Anyone have advice on the use of a manabolic manifold for water distribution. I've never used one, but I want to try one on my own residence before moving on to a business setting. Which is better compression supply or crimp supply?


----------



## easttexasplumb (Oct 13, 2010)

try this. http://www.plumbingzone.com/f3/


----------



## Airgap (Dec 18, 2008)

You sure are willing to go the extra mile for your customers.....
How is your residence piped currently....?


----------



## easttexasplumb (Oct 13, 2010)

Airgap said:


> You sure are willing to go the extra mile for your customers.....
> How is your residence piped currently....?

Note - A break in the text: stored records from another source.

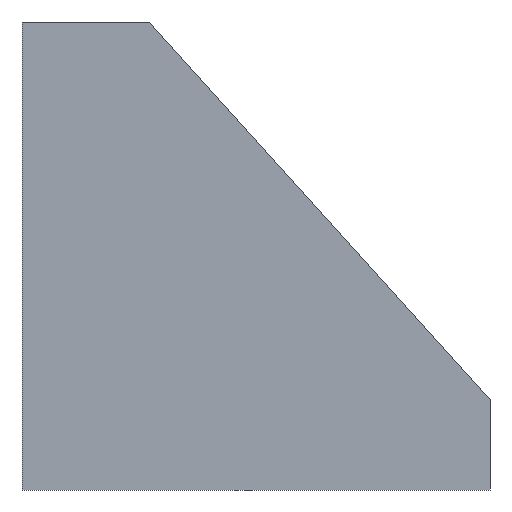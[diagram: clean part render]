
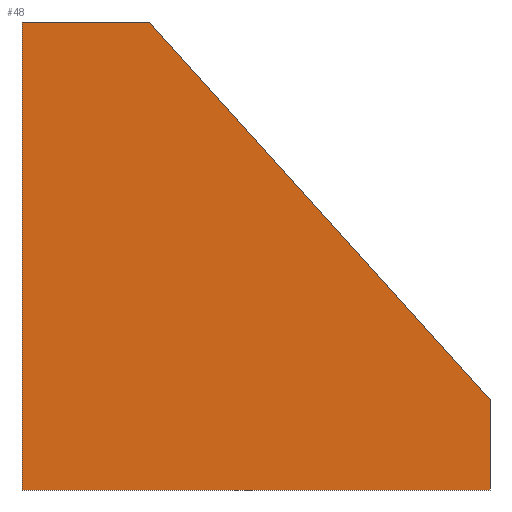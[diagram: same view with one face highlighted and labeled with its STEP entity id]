
A CAD part, front view. The second image highlights one B-rep face of the part: STEP entity #48.
In plain terms, the highlighted planar face has unit normal (0, -1, 0).
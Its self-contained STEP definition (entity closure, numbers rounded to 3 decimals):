
#1=CARTESIAN_POINT('POINT1',(0.,0.,38.1));
#2=VERTEX_POINT('VERTEX1',#1);
#3=CARTESIAN_POINT('POINT2',(10.374,0.,38.1));
#4=VERTEX_POINT('VERTEX2',#3);
#5=CARTESIAN_POINT('POS1',(0.,0.,38.1));
#6=DIRECTION('DIR1',(1.,0.,0.));
#7=VECTOR('VEC1',#6,1.);
#8=LINE('STRAIGHT1',#5,#7);
#9=EDGE_CURVE('EDGE1',#2,#4,#8,.T.);
#10=ORIENTED_EDGE('COEDGE1',*,*,#9,.F.);
#11=CARTESIAN_POINT('POINT3',(0.,0.,0.));
#12=VERTEX_POINT('VERTEX3',#11);
#13=CARTESIAN_POINT('POS2',(0.,0.,0.));
#14=DIRECTION('DIR2',(0.,0.,1.));
#15=VECTOR('VEC2',#14,1.);
#16=LINE('STRAIGHT2',#13,#15);
#17=EDGE_CURVE('EDGE2',#12,#2,#16,.T.);
#18=ORIENTED_EDGE('COEDGE2',*,*,#17,.F.);
#19=CARTESIAN_POINT('POINT4',(38.1,0.,0.));
#20=VERTEX_POINT('VERTEX4',#19);
#21=CARTESIAN_POINT('POS3',(0.,0.,0.));
#22=DIRECTION('DIR3',(1.,0.,0.));
#23=VECTOR('VEC3',#22,1.);
#24=LINE('STRAIGHT3',#21,#23);
#25=EDGE_CURVE('EDGE3',#12,#20,#24,.T.);
#26=ORIENTED_EDGE('COEDGE3',*,*,#25,.T.);
#27=CARTESIAN_POINT('POINT5',(38.1,0.,7.391));
#28=VERTEX_POINT('VERTEX5',#27);
#29=CARTESIAN_POINT('POS4',(38.1,0.,0.));
#30=DIRECTION('DIR4',(0.,0.,1.));
#31=VECTOR('VEC4',#30,1.);
#32=LINE('STRAIGHT4',#29,#31);
#33=EDGE_CURVE('EDGE4',#20,#28,#32,.T.);
#34=ORIENTED_EDGE('COEDGE4',*,*,#33,.T.);
#35=CARTESIAN_POINT('POS5',(10.374,0.,38.1));
#36=DIRECTION('DIR5',(0.67,0.,
   -0.742));
#37=VECTOR('VEC5',#36,1.);
#38=LINE('STRAIGHT5',#35,#37);
#39=EDGE_CURVE('EDGE5',#4,#28,#38,.T.);
#40=ORIENTED_EDGE('COEDGE5',*,*,#39,.F.);
#41=EDGE_LOOP('NONE',(#10,#18,#26,#34,#40));
#42=FACE_BOUND('LOOP1',#41,.T.);
#43=CARTESIAN_POINT('POS6',(0.,0.,0.));
#44=DIRECTION('DIR6',(0.,-1.,0.));
#45=DIRECTION('DIR7',(1.,0.,0.));
#46=AXIS2_PLACEMENT_3D('AXIS1',#43,#44,#45);
#47=PLANE('PLANE1',#46);
#48=ADVANCED_FACE('FACE1',(#42),#47,.T.);

I dont think I would repipe my house just to see if a product works or not. But I am willing to test different beers, especially micro brewed ones.


----------



## BROOKLYN\PLUMB (May 21, 2010)

if he realy wanted to be helpfull he can use a manabolic manifold for water distribution in his house half compression supply and half crimp supply and tell us which is better and why


----------



## pamlico (May 13, 2011)

Thanks fellows, I feel so nurtured by the professional advice.


----------



## ILPlumber (Jun 17, 2008)

Diy idiot.....

Nobody cares that this was sent from my droid using. Plumbing Zone


----------